И Кит не собирался быть тихим.
Он оказался обнажен так быстро, что все время, потребовавшееся на то, чтобы снять со змеи устаревшее одеяние, сжалось в одно сердце, одну пульсирующую, горячую, болезненно чувствительную сердцевину его любви. Он переступил через черную груду своей одежды, сброшенной, как гнилая осенняя листва — оставаясь обнаженным, и обнаженным вплывая в раскрывшееся и сомкнувшееся железно объятие.
Он поддавал бедрами навстречу шероховатому, болезненному, забытому и обретенному вновь движению ладони — стоило зажать несколько струн, и отпустить их резче, чтобы лютня заговорила, изнывая от невыносимого удовольствия быть настроенной, наигранной, сыгранной.
— Почему у меня только одно тело… — смеялся Кит, целуя до саднящих губ, находя губами ухо Уилла, сжимая на нем зубы, зарываясь носом в его волосы. И продолжал, продолжал двигаться в его руках, требуя еще больше прикосновений — одновременно и всюду. Больше. Быстрее. Правдивее. — И только две руки, и только один рот… Этого так мало, чтобы любить тебя так, как хочет мое сердце, и как не может вообразить вся сила моего разума…

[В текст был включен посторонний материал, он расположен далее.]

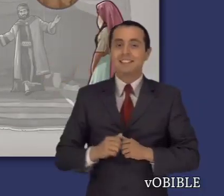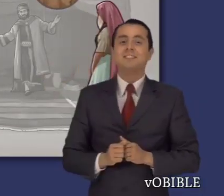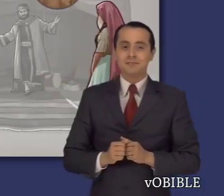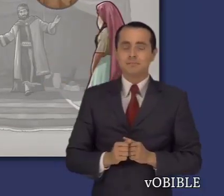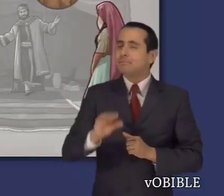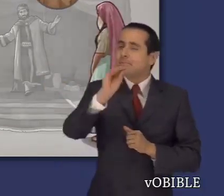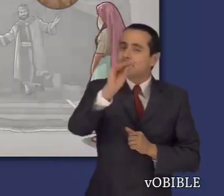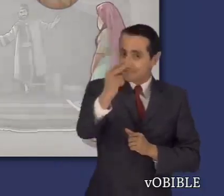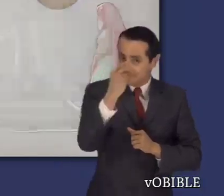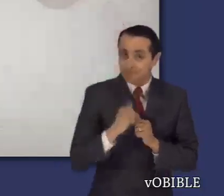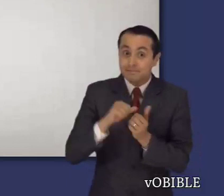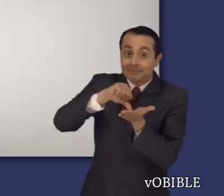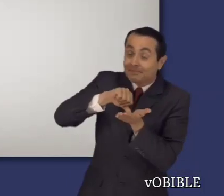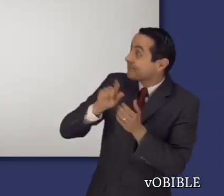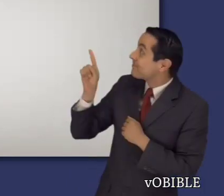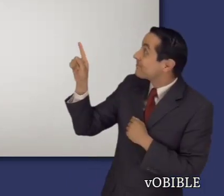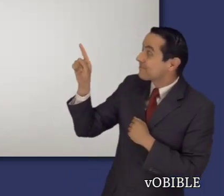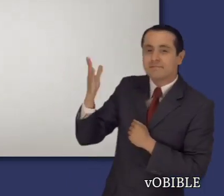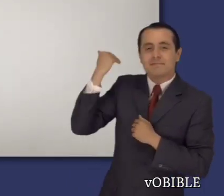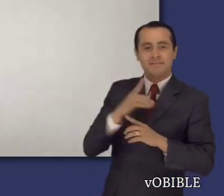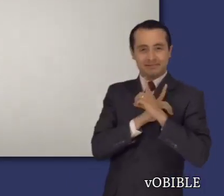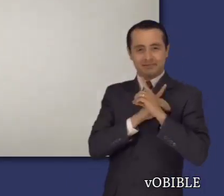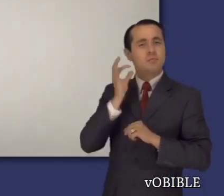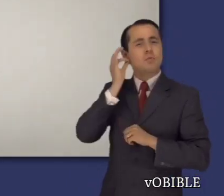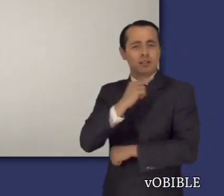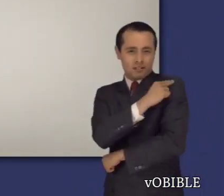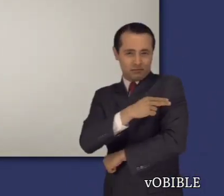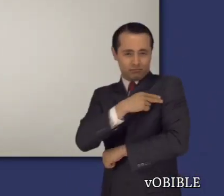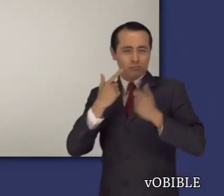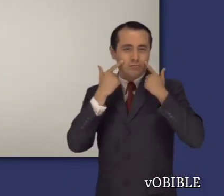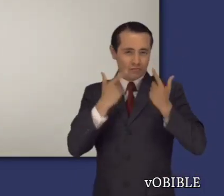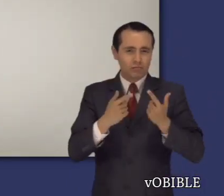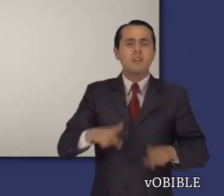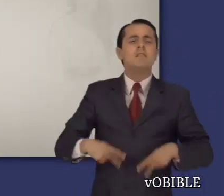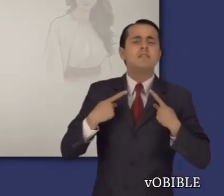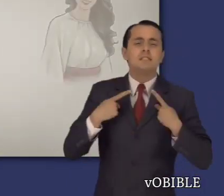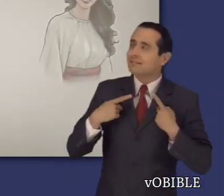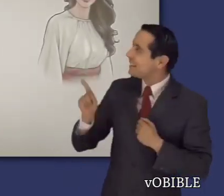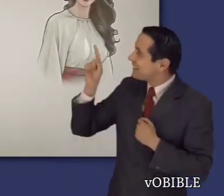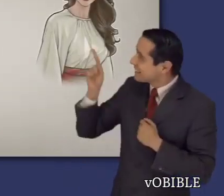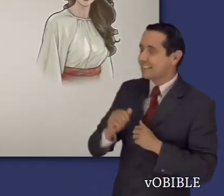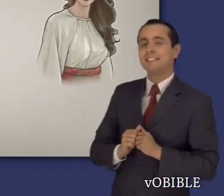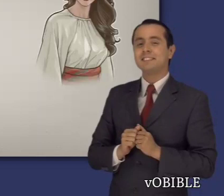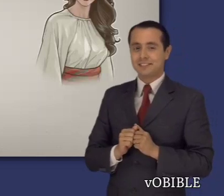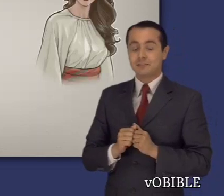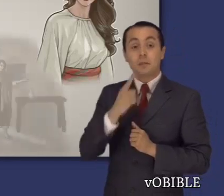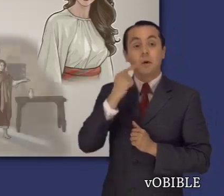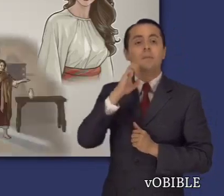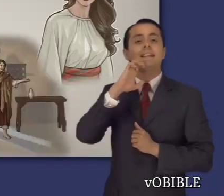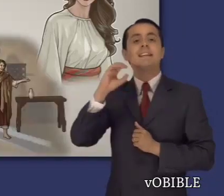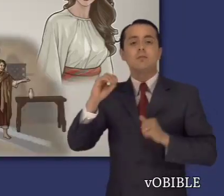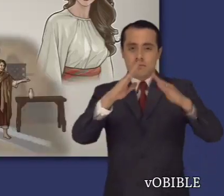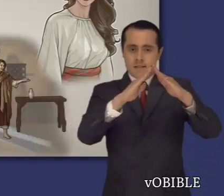amar a su querido pastor. ¿Sabía que en Zunem nació Abisaj, la enfermera de David,

Они играли друг на друге, натягивая струны жил, увлажняя дыхание поцелуями, а поцелуи — торопливостью. Не в силах разделиться. Не в силах остановиться — и преодолеть несколько шагов до постели тоже не в силах.
И Кит попросил — жестко, хрипло, с кошачьей упругостью отираясь о твердое бедро, забывая, как дышать, истекая в неумолимо ласкающую ладонь правдой и ядом телесного сока:
— Пожалуйста, оттрахай меня сейчас же, пожалуйста, твою мать, оттрахай меня прямо здесь, к черту кровать, просто возьми меня там, где стоишь… Иначе я сдохну… Не сделаешь этого, и я возненавижу тебя, гребаный гений, еще сильнее, чем когда ты ушел, оставив меня с этим смешным наглым щенком…
***
— Неважно, неважно, знать о них ничего не хочу, их не было никогда, слышишь, Кит, не было! — продолжал шептать Уилл, выпутывая пальцы в волосы, прижимаясь губам то к росчерку скулы, то к уголку обветренных губ, то к бьющейся на шее жилке, спускаясь губами ниже, исследуя Кита, как кто-то (о, он забыл всех, забыл все имена) исследовал землю, по которой ходила пятнистая кошка, навеки замершая на страже у дверей Кита.
Там, в далеком доме на Хог-Лейн, где никогда не было никого, кроме них двоих.
Никогда. Никого.
Все и вся кануло в Лету, ушло под тяжелые свинцовые воды, и только они одни остались этой ночью, подсвеченной кожей Кита, сияющей в темноте, да подслеповатым огоньком в плошке. Огонек мигал — и вскоре, как это было у них с Китом уже много, много раз, должен был погаснуть. Темнота наползала со всех углов, но сегодня она казалась близким другом, утерянным и обретенным вновь. А пока еще у светца хватало сил, Уилл не закрывал глаз ни на единый миг — смотреть на Кита, любоваться Китом, восторгаться Китом было величайшим наслаждением. Большим могло быть — только умереть в его объятиях.